@theredheadreads

Wednesday, March 2, 2011

Modern Day Joseph

Stowe’s extensive use of Scripture throughout Uncle Tom’s Cabin is amazing. Truly, one must have a knowledge of the Bible in order to fully understand many of the author’s driving thoughts. We’ve enjoyed several laughs as the editors of the Norton Anthology consistently take Scripture references out of context or reference the wrong passage all together.
Despite Norton’s rather ineffective insight on Biblical references, I have learned much from the inclusion of Scripture in Uncle Tom’s Cabin. Multiple times throughout the novel Stowe references Uncle Tom as a modern day Joseph.
Joseph, sold as a slave by his jealous brothers, found himself in the home of Potiphar, one of the most influential men in Egypt. Though a slave, Joseph won Potiphar’s trust and eventually became the overseer of all of Potiphar’s property. Genesis 39:2-4 says, “And the LORD was with Joseph, and he was a prosperous man; and he was in the house of his master the Egyptian. And his master waw that the LORD was with him, and that the LORD made all that he did to prosper in his hand. And Joseph found grace in his sight, and he served him: and he [Potiphar] made him [Joseph] overseer over his house, and all that he [Potiphar] had he put into his [Joseph’s] hand.”

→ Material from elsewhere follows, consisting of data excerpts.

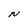
Character: N
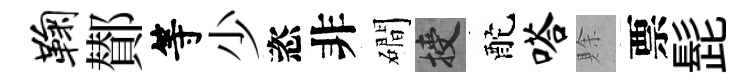
鞠鄼等少恣非磵授酡嗒賖票髭
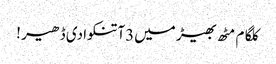
کلگام مٹھ بھیڑ میں3آتنکوادی ڈھیر !
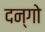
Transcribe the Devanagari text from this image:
दन्गो
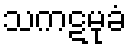
သကဋမုခံ
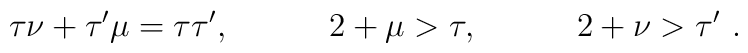
\tau \nu +\tau ^{\prime }\mu =\tau \tau ^{\prime },\quad \qquad 2+\mu >\tau,\quad \qquad 2+\nu >\tau ^{\prime }\,\,.
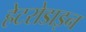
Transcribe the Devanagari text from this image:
हेटरोडाइन
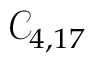
\mathcal { C } _ { 4 , 1 7 }
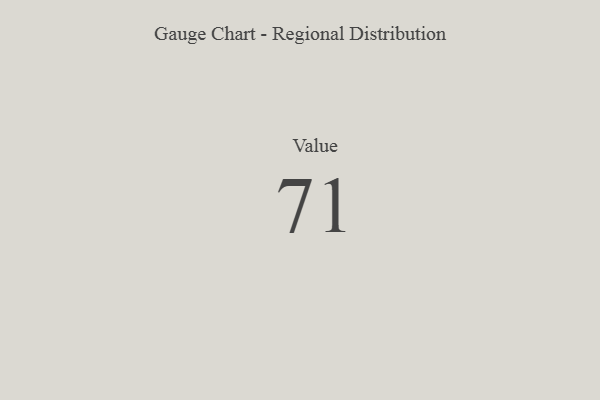
{"axis": {"x": "Metric", "y": "Value"}, "legend": [""], "data": [{"x": "Value", "y": 71, "type": ""}]}
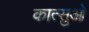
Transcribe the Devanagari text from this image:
कात्सुओ
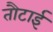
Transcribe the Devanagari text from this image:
तौटाई
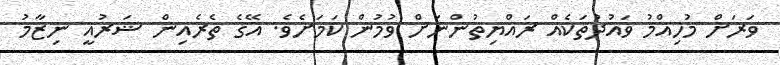
ވަރަށް މުހިއްމު ވައުދުތަކެއް ރައްޔިތުންނަށް ވުމުން ކަމަށެވެ. އޭގެ ތެރެއިން ޝަރުއީ ނިޒާމު
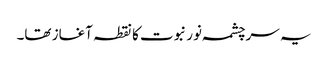
یہ سرچشمہ نور نبوت کا نقطہ آغاز تھا۔
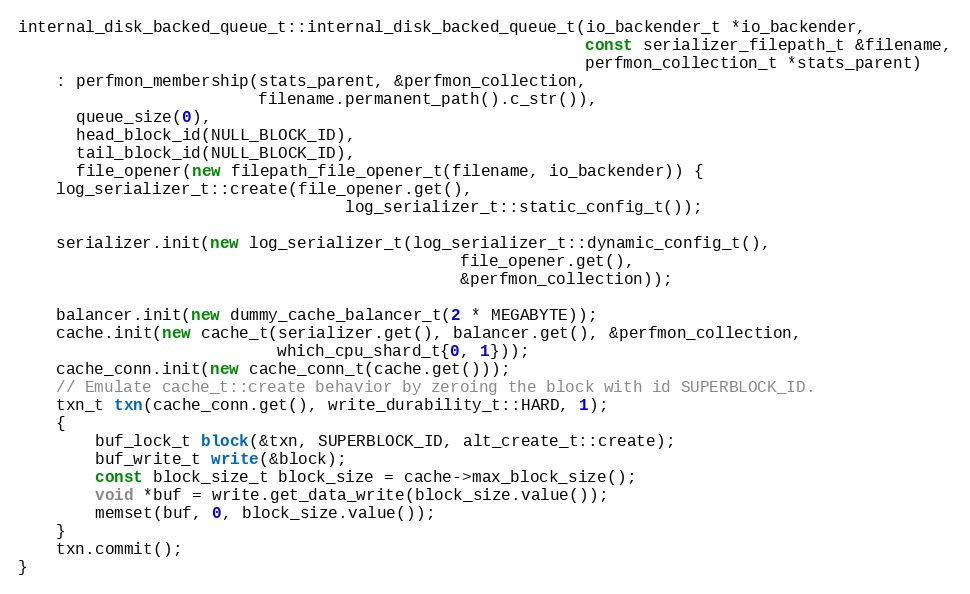
Language: C++
internal_disk_backed_queue_t::internal_disk_backed_queue_t(io_backender_t *io_backender,
                                                           const serializer_filepath_t &filename,
                                                           perfmon_collection_t *stats_parent)
    : perfmon_membership(stats_parent, &perfmon_collection,
                         filename.permanent_path().c_str()),
      queue_size(0),
      head_block_id(NULL_BLOCK_ID),
      tail_block_id(NULL_BLOCK_ID),
      file_opener(new filepath_file_opener_t(filename, io_backender)) {
    log_serializer_t::create(file_opener.get(),
                                  log_serializer_t::static_config_t());

    serializer.init(new log_serializer_t(log_serializer_t::dynamic_config_t(),
                                              file_opener.get(),
                                              &perfmon_collection));

    balancer.init(new dummy_cache_balancer_t(2 * MEGABYTE));
    cache.init(new cache_t(serializer.get(), balancer.get(), &perfmon_collection,
                           which_cpu_shard_t{0, 1}));
    cache_conn.init(new cache_conn_t(cache.get()));
    // Emulate cache_t::create behavior by zeroing the block with id SUPERBLOCK_ID.
    txn_t txn(cache_conn.get(), write_durability_t::HARD, 1);
    {
        buf_lock_t block(&txn, SUPERBLOCK_ID, alt_create_t::create);
        buf_write_t write(&block);
        const block_size_t block_size = cache->max_block_size();
        void *buf = write.get_data_write(block_size.value());
        memset(buf, 0, block_size.value());
    }
    txn.commit();
}
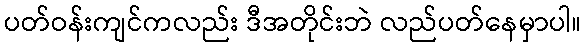
ပတ်ဝန်းကျင်ကလည်း ဒီအတိုင်းဘဲ လည်ပတ်နေမှာပါ။
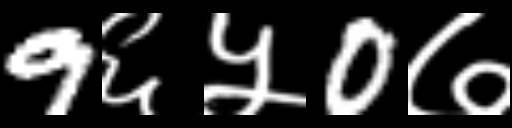
Text: 9६५0७
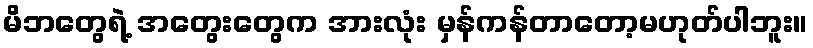
မိဘတွေရဲ့ အတွေးတွေက အားလုံး မှန်ကန်တာတော့မဟုတ်ပါဘူး။
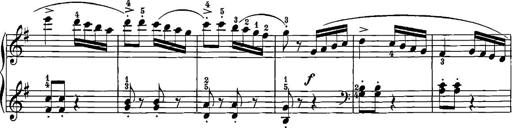
Title: 12 Sonatinas
Composer: Ignaz Pleyel
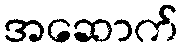
အဆောက်
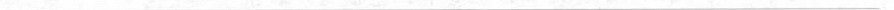
___
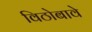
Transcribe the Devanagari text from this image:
विठोबावे
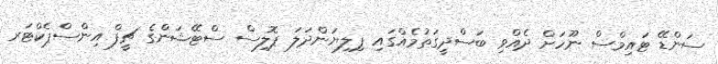
ސަންޑޭ ޓައިމްސް ނޫހަށް ދެއްވި ބަސްދީގަތުމެއްގައި ޕިލިޔަންދަލަ ޕޮލިސް ސްޓޭޝަންގެ ޗީފް އިންސްޕެކްޓަރ

As Stowe introduces Uncle Tom’s character through a discussion between Haley, Shelby says, “Tom is an uncommon fellow; he is certainly worth that sum anywhere,—steady, honest, capable, manages my whole farm like a clock” (2). Like Potiphar trusted Joseph with all he had, Shelby blindly trusted Tom to manage everything.

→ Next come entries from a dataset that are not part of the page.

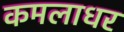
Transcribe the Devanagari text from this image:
कमलाधर
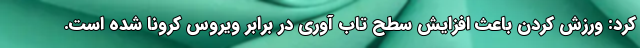
کرد: ورزش کردن باعث افزایش سطح تاب آوری در برابر ویروس کرونا شده است.
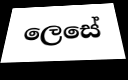
ලෙසේ
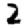
Digit: 2
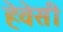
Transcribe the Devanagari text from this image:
हेवेसी
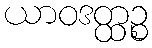
ယာဝဒတ္ထဉ္စ
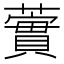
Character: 𧁐
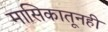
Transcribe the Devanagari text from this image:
मासिकातूनही
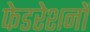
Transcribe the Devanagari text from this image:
फेडरेशनों
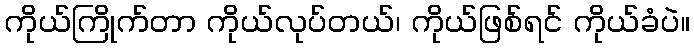
ကိုယ်ကြိုက်တာ ကိုယ်လုပ်တယ်၊ ကိုယ်ဖြစ်ရင် ကိုယ်ခံပဲ။
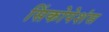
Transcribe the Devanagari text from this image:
सिंकोपेशंस
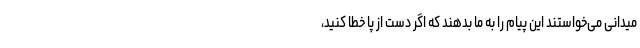
میدانی می‌خواستند این پیام را به ما بدهند که اگر دست از پا خطا کنید،
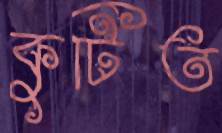
কুটিত
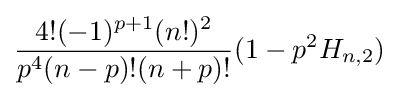
{\frac {4!(-1)^{p+1}(n!)^{2}}{p^{4}(n-p)!(n+p)!}}(1-p^{2}H_{n,2})
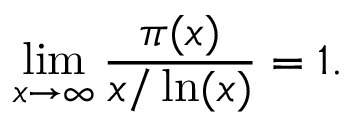
\operatorname* { l i m } _ { x \rightarrow \infty } { \frac { \pi ( x ) } { x / \ln ( x ) } } = 1 .

After Tom is sold to Haley and then to St. Clare, Stowe reinforces Tom’s connection with Joseph. In the first sentence of Chapter XVIII Stowe remarks that, “Our friend Tom, in his own simple musings, often compared his more fortunate lot [living with the St. Clares], in the bondage into which he was cast, with that of Joseph in Egypt; and, in fact, as time went on, and he developed more and more under the eye of his master, the strength of the parallel increased” (185). The careless St. Clare recognizes Tom’s management skills and places the care of the household finances in Tom’s hands. What remarkable trust! Tom could have done anything—he “had every facility and temptation to dishonesty; and nothing but an impregnable simplicity of nature, strengthened by Christian faith, could have kept him from it” (186).
Just as Joseph fled from the temptation of Potiphar’s wife, Tom fled from the temptation of misusing the trust given him by God. You can almost hear him incredulously quote Joseph to skeptics: “how then can I do this great wickedness, and sin against God?” (Genesis 39:9).